About Challenged America:

In the late 1970's two disable veterans in wheelchairs, having a love for the sea and wanting to further their own rehabilitation, were unable to find a sailing programs able to meet their unique needs, challenges and goals. They then purchased a sailboat (a Cal 20) and invited others to sail with them, developing adaptations to their sailboat as they honed skills and sailing abilities. By the late 1980's the two disabled veterans were joined by others )disabled veterans and non-veterans, as well as the able-bodied) as crew to regularly race in coastal and offshore events. Their boat was now a larger,34 foot racer -- a Beneteau First Class 10.

The 1990 San Diego to Ensenada International Yacht Race found this crew of sailors with and without disabilities competing. "Challenged America" was formally launched with this race.

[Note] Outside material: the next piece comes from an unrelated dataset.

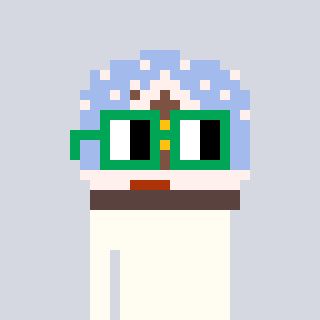
a pixel art character with square green glasses, a snow globe-shaped head and a computerblue-colored body on a cool background
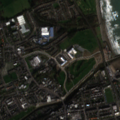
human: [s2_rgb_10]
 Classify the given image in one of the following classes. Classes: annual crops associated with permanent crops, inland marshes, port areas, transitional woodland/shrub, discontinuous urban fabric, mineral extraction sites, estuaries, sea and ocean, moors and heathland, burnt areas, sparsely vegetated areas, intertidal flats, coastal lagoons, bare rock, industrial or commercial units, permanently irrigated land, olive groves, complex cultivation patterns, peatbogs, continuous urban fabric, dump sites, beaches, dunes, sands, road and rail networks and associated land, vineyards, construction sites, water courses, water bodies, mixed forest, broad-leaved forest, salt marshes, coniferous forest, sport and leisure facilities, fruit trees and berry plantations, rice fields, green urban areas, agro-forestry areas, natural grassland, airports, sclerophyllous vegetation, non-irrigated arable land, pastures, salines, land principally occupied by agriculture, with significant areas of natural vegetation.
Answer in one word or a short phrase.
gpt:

In 1992 the documentary video "Local Heroes: Challenged America" highlighted the Challenged America program as sailors with disabilities raced in an America's Cup sailboat (America II) alongside other America's Cup crew. The video was winner of the national Arts & Entertainment (A&E) CityVideos Award, and was nominated for an Emmy.

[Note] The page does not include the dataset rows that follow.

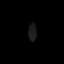
Tissue: lung
Cell type: Endothelial cells
Senescence score: 0.6326
Nuclear area (px): 134
Mean DAPI intensity: 27.545
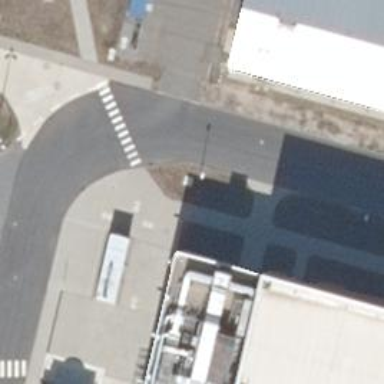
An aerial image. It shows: Sidewalk along the footway.

Challenged America soon became a rehabilitation program under the Disabled Businesspersons Association, a charitable 501(c)(3) volunteer-based organization, based at San Diego State University - Interwork Institute.

The Disabled Businesspersons Association is spotlighted in the "Guide To Effective Compassion" (a publication of The Acton Institute, Grand Rapids, MI) as "...one of the 150 most effective and compassionate charities in the nation."

Today, Challenged America (based on Shelter Island, San Diego, California) is a year-round, therapeutic, recreational rehabilitation sailing program providing free learn-to-sail and advanced sailing instruction and educational opportunities. Hundreds of people with and without disabilities, from around the world, participate in the Challenged America program yearly. (See "2003 Sea Report.")

Funding for the Challenged America charitable program is from public bequests, boat and real estate donations, corporate sponsorship and foundations.